* **Work item**:
Give the number of lines below with "What" in them, leaving out anything else.

* **Recorded data**:
== Segment start ==

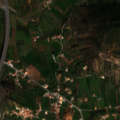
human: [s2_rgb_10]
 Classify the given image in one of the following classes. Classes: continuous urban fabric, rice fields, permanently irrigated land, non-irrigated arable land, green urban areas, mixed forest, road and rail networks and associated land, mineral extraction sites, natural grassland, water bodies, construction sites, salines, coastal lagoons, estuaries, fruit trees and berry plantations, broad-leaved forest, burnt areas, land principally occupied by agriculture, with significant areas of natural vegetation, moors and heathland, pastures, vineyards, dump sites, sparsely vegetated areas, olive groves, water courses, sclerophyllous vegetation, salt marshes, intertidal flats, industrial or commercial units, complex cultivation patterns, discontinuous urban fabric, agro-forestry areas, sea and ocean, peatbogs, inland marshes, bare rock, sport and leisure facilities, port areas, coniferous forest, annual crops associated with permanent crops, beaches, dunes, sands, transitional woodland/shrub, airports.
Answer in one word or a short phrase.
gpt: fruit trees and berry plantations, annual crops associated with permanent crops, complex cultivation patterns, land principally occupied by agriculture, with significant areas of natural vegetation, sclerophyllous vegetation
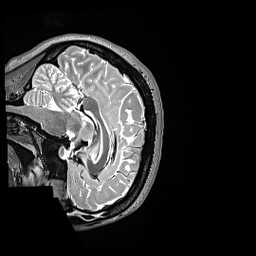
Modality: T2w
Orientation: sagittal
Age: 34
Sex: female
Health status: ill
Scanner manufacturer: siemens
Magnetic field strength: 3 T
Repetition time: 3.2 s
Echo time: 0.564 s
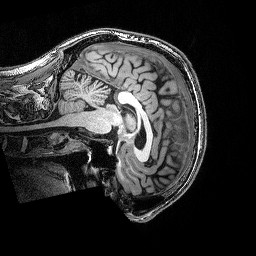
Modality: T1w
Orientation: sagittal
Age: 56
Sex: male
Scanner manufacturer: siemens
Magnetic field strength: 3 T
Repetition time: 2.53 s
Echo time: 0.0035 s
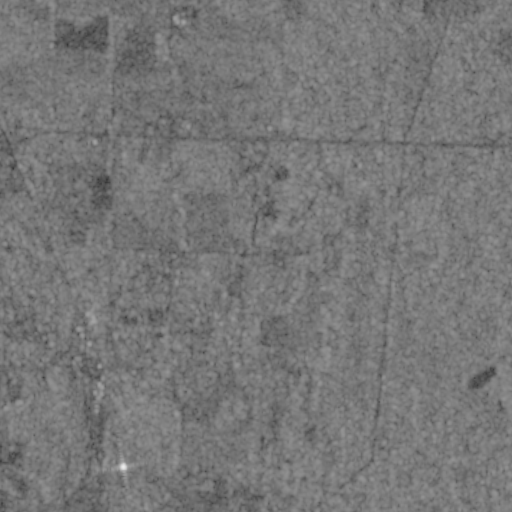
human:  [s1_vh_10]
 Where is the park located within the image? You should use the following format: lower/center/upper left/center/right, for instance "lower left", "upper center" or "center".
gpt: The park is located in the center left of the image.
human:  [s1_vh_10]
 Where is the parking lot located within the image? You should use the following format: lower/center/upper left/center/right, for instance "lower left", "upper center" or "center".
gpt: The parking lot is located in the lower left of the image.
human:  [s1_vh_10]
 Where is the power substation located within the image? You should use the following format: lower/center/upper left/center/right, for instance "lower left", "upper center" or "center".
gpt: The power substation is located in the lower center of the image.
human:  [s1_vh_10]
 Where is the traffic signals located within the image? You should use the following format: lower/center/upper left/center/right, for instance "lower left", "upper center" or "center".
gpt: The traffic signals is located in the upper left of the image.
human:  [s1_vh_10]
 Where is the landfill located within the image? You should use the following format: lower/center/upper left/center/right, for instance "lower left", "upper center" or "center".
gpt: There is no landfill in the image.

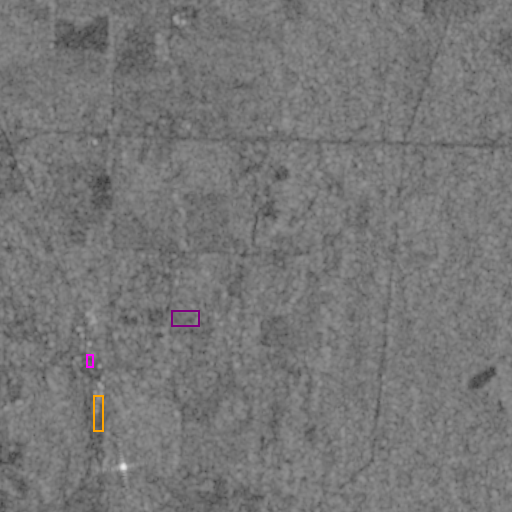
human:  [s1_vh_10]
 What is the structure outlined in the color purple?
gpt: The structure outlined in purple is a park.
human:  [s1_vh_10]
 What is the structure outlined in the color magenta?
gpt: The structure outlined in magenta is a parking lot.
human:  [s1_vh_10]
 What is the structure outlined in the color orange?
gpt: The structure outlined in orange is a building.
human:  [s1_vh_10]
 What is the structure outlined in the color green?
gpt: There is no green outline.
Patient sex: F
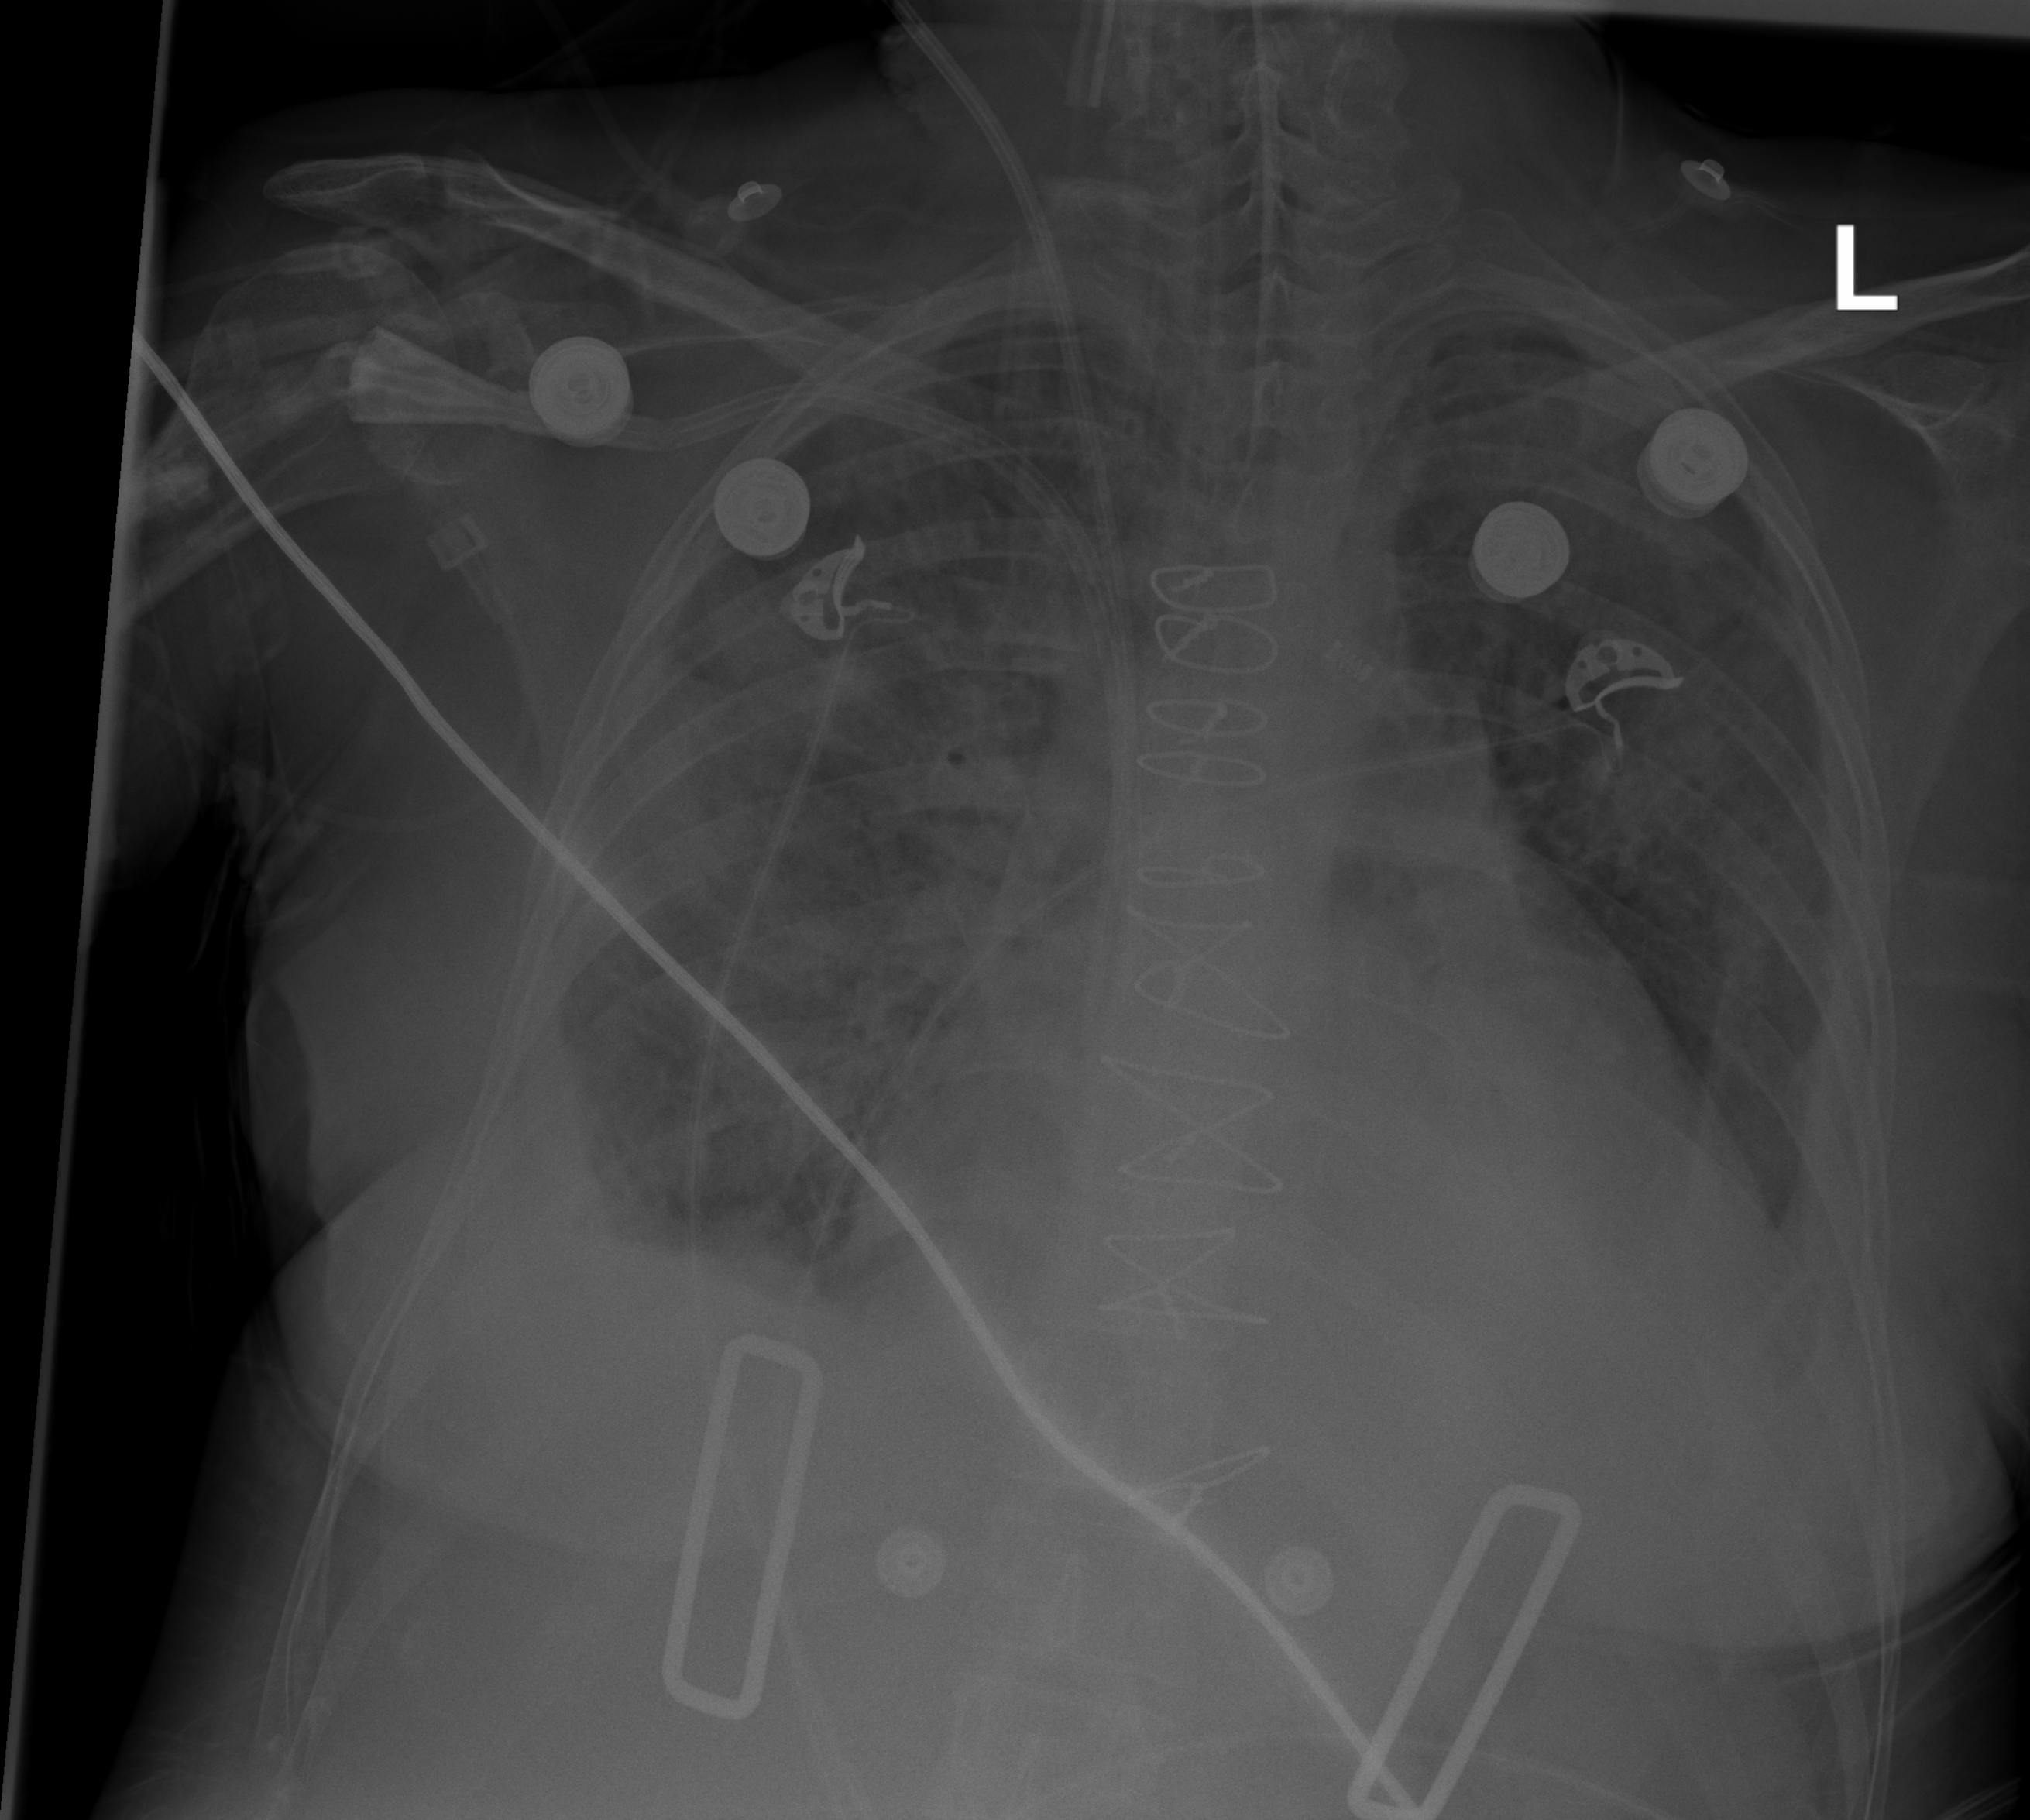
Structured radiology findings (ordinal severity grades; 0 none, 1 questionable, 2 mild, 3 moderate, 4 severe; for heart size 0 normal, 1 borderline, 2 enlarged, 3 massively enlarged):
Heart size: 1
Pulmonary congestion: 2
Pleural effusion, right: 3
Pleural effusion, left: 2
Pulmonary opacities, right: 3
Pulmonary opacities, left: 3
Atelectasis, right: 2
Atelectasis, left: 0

== Segment end ==

* **Response to the exercise**:
4